### Goal of the exercise
Of all the entries below, only the lines from the one with "Vraag: Welk gerecht heeft dit vonnis gewezen?" up to and including the one with "Antwoord: Centrale Raad van Beroep" are to be duplicated exactly.
*****
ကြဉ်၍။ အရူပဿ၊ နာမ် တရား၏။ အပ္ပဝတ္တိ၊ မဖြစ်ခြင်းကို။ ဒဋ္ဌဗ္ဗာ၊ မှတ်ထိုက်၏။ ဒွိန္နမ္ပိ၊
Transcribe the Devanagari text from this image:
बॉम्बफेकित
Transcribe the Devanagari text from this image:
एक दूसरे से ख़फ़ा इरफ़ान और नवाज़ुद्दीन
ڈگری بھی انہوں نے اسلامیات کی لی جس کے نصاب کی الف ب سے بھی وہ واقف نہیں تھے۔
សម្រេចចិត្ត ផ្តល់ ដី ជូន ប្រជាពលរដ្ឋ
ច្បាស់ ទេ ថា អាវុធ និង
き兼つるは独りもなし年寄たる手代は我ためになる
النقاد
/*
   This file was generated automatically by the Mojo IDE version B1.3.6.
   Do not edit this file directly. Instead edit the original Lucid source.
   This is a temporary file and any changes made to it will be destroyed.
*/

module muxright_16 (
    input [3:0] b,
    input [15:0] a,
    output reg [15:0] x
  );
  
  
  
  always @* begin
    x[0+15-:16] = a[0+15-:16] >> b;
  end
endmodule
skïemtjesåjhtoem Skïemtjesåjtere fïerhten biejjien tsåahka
*****
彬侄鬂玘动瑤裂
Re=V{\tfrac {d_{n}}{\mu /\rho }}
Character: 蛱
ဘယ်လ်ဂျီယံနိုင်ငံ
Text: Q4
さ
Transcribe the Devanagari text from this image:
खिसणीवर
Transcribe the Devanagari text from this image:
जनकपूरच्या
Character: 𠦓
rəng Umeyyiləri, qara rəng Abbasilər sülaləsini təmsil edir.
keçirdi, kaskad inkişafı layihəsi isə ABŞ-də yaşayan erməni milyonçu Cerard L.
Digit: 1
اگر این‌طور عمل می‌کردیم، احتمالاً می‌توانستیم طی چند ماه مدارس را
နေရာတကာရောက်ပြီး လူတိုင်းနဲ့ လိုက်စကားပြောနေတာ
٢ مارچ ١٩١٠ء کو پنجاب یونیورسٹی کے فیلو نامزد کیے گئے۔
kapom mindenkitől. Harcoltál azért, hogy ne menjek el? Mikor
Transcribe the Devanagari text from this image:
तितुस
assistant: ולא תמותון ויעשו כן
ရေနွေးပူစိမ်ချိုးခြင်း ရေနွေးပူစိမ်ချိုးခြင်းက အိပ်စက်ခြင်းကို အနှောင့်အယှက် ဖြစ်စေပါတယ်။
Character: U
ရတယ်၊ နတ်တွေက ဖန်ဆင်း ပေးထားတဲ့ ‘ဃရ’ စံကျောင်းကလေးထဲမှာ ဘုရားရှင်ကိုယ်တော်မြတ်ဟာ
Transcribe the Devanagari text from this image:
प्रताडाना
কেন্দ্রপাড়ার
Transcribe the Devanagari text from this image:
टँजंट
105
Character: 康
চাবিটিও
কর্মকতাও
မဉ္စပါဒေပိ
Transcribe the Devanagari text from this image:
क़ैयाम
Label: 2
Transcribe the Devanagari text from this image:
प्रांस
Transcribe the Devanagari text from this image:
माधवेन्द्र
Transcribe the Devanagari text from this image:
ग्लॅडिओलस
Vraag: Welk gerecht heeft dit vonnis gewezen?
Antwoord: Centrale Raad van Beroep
*****
### Written solution
Vraag: Welk gerecht heeft dit vonnis gewezen?
Antwoord: Centrale Raad van Beroep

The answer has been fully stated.